One part of the entries below is wanted: the lines from the one containing "120.8c-7 12.1-18 21.3-31.2" through the one containing "81.1c1.4-2.4 4.4-3.2 6.8-1.9". Write those out exactly and nothing else.
··· Task material ···
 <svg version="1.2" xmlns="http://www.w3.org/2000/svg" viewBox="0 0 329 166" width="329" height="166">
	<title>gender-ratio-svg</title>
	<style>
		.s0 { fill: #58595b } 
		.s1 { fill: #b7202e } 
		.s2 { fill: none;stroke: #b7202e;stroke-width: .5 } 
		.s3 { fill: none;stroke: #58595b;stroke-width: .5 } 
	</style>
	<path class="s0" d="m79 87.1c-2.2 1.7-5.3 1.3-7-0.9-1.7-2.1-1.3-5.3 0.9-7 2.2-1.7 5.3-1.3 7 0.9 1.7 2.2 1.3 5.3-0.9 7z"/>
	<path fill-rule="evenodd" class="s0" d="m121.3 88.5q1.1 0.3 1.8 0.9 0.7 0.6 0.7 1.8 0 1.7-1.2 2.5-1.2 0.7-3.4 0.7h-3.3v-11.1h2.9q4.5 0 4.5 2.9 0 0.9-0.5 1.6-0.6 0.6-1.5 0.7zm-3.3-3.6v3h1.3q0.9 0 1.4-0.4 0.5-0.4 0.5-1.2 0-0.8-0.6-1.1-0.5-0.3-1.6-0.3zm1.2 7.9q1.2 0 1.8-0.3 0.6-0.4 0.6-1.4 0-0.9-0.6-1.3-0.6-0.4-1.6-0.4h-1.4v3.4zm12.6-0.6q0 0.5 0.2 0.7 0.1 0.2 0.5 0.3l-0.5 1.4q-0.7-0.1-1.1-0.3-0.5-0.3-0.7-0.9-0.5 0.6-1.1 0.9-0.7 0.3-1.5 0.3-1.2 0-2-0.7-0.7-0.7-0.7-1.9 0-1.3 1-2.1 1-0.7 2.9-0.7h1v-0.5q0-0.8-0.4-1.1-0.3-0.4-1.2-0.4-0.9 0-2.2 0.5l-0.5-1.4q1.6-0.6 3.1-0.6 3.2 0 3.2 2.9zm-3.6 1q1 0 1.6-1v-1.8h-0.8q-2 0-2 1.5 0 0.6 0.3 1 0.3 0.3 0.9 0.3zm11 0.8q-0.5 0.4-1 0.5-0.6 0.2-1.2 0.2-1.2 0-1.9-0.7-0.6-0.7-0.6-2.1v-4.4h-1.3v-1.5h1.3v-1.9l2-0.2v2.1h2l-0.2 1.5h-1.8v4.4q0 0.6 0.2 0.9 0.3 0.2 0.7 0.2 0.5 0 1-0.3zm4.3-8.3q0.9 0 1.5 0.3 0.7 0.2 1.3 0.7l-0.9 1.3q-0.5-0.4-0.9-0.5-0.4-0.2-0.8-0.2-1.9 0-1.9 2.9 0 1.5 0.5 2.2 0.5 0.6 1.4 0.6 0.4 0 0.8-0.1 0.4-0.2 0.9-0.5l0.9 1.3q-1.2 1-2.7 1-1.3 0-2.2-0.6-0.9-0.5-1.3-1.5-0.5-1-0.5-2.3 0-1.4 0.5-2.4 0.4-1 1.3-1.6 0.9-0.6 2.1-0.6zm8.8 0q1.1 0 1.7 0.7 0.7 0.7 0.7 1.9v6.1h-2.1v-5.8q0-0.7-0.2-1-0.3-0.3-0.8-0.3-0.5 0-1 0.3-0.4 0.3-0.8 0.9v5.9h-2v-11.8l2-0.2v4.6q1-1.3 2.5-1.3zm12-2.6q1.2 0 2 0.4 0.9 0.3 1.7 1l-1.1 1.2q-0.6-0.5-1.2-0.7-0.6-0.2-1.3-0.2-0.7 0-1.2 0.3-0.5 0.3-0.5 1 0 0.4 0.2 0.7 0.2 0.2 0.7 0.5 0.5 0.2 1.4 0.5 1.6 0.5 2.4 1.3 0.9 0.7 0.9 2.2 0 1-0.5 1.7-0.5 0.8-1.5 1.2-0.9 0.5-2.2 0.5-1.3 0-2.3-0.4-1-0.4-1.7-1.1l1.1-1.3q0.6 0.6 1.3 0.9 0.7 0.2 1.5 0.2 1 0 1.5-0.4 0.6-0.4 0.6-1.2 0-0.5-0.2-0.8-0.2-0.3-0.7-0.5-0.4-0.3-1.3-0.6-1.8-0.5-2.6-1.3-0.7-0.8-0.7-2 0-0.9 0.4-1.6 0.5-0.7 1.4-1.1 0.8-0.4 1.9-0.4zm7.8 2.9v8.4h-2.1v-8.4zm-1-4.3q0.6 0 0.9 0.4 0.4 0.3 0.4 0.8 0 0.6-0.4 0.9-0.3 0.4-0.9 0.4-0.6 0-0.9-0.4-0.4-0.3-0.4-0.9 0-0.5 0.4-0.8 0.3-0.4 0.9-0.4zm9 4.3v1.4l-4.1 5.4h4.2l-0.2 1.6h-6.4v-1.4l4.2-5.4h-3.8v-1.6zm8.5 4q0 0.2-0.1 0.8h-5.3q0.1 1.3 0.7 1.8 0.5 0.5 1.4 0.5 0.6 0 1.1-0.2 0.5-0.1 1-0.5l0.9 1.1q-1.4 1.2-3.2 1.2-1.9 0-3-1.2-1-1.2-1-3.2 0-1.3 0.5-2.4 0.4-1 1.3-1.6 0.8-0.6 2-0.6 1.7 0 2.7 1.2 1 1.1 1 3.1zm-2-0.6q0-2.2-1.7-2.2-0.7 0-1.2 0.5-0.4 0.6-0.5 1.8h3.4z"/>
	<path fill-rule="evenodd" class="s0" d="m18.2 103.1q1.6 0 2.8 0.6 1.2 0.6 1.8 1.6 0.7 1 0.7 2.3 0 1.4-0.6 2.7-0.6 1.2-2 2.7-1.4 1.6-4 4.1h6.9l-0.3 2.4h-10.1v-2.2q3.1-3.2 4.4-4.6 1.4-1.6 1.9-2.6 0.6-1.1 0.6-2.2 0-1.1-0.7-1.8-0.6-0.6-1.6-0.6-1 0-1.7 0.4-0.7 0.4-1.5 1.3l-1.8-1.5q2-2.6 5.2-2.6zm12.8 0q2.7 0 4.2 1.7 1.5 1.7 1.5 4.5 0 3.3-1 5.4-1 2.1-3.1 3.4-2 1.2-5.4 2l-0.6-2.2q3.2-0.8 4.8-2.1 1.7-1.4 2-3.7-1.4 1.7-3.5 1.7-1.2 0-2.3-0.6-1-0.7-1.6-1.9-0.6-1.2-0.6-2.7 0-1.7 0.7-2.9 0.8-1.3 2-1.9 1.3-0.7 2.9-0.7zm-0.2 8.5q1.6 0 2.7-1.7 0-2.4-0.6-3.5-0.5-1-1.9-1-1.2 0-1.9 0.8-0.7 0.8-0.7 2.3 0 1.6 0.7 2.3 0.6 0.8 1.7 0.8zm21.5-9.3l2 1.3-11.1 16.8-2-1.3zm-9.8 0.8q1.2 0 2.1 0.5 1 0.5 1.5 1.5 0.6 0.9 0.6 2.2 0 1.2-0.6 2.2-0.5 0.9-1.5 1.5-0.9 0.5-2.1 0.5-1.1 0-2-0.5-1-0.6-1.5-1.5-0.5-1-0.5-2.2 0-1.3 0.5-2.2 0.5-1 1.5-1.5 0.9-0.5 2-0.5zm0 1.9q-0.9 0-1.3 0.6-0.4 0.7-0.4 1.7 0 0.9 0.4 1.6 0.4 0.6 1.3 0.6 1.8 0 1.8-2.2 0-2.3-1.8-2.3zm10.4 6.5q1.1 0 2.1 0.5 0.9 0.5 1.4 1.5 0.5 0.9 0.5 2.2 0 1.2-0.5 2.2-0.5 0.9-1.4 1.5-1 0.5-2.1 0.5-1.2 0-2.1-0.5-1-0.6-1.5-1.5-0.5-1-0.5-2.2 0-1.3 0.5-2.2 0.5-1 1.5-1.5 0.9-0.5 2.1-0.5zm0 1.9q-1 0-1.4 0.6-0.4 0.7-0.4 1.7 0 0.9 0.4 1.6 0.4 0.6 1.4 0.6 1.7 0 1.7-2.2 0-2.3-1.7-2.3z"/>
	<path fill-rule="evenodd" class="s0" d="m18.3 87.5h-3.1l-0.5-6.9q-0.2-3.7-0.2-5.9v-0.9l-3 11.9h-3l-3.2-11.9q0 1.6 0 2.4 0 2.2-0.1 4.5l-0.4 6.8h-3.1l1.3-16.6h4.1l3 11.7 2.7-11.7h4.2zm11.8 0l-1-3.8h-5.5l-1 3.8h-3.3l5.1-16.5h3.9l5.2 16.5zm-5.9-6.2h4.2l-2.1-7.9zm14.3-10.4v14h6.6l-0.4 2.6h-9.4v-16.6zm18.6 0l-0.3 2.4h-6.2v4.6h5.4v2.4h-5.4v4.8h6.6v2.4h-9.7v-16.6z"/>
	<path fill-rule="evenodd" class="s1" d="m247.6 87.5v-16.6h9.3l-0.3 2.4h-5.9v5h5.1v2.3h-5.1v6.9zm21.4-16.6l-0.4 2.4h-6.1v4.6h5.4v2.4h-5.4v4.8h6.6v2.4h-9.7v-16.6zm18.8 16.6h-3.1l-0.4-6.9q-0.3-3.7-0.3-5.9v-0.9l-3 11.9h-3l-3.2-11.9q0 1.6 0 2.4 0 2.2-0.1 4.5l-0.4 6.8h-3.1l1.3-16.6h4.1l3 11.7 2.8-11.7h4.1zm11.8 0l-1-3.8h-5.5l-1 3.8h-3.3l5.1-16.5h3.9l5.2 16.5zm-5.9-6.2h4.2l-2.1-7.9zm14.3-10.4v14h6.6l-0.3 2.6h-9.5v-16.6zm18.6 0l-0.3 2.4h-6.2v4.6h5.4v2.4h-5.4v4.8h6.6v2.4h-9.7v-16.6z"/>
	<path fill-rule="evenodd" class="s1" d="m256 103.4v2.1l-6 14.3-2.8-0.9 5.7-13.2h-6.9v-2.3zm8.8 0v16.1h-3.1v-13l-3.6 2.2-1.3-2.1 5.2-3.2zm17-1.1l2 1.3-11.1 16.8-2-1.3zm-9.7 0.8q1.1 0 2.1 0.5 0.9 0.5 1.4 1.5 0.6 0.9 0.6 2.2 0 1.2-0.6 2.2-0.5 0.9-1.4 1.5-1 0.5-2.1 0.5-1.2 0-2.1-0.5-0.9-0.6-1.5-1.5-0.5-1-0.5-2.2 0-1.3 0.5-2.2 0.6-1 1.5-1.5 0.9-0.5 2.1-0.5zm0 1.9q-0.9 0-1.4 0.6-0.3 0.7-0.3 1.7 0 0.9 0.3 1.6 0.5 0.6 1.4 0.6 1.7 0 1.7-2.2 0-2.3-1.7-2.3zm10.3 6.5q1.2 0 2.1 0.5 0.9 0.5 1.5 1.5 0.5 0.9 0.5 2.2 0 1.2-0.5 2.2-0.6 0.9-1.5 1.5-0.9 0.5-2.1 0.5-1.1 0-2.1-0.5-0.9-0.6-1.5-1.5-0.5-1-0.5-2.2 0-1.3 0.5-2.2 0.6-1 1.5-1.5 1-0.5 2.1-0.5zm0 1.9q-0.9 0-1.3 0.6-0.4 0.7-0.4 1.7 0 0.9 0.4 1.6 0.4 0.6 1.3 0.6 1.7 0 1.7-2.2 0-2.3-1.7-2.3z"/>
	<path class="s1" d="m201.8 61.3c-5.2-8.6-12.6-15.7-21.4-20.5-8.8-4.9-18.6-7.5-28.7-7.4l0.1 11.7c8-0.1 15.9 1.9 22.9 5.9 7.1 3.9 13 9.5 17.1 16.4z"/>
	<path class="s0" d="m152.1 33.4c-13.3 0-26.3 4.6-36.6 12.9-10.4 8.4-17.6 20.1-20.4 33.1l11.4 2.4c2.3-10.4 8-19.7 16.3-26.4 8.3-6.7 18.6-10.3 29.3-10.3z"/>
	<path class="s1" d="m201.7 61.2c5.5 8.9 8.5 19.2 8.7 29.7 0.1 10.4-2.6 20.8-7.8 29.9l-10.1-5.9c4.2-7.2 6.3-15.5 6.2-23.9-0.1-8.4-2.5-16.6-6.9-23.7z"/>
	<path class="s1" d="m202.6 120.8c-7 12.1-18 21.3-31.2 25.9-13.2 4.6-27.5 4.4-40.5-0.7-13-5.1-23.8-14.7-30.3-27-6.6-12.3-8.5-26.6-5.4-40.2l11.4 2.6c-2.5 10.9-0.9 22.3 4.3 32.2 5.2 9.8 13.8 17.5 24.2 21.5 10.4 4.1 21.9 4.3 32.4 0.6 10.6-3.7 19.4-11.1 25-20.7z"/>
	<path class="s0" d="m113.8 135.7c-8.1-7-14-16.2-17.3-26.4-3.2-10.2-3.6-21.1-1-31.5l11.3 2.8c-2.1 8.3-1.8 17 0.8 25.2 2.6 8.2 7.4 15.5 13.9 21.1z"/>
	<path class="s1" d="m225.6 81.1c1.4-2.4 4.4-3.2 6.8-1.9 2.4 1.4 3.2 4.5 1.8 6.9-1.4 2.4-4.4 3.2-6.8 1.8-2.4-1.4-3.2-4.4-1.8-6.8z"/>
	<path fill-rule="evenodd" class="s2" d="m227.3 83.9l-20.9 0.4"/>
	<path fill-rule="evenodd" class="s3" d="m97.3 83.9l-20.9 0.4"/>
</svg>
···
Your solution
	<path class="s1" d="m202.6 120.8c-7 12.1-18 21.3-31.2 25.9-13.2 4.6-27.5 4.4-40.5-0.7-13-5.1-23.8-14.7-30.3-27-6.6-12.3-8.5-26.6-5.4-40.2l11.4 2.6c-2.5 10.9-0.9 22.3 4.3 32.2 5.2 9.8 13.8 17.5 24.2 21.5 10.4 4.1 21.9 4.3 32.4 0.6 10.6-3.7 19.4-11.1 25-20.7z"/>
	<path class="s0" d="m113.8 135.7c-8.1-7-14-16.2-17.3-26.4-3.2-10.2-3.6-21.1-1-31.5l11.3 2.8c-2.1 8.3-1.8 17 0.8 25.2 2.6 8.2 7.4 15.5 13.9 21.1z"/>
	<path class="s1" d="m225.6 81.1c1.4-2.4 4.4-3.2 6.8-1.9 2.4 1.4 3.2 4.5 1.8 6.9-1.4 2.4-4.4 3.2-6.8 1.8-2.4-1.4-3.2-4.4-1.8-6.8z"/>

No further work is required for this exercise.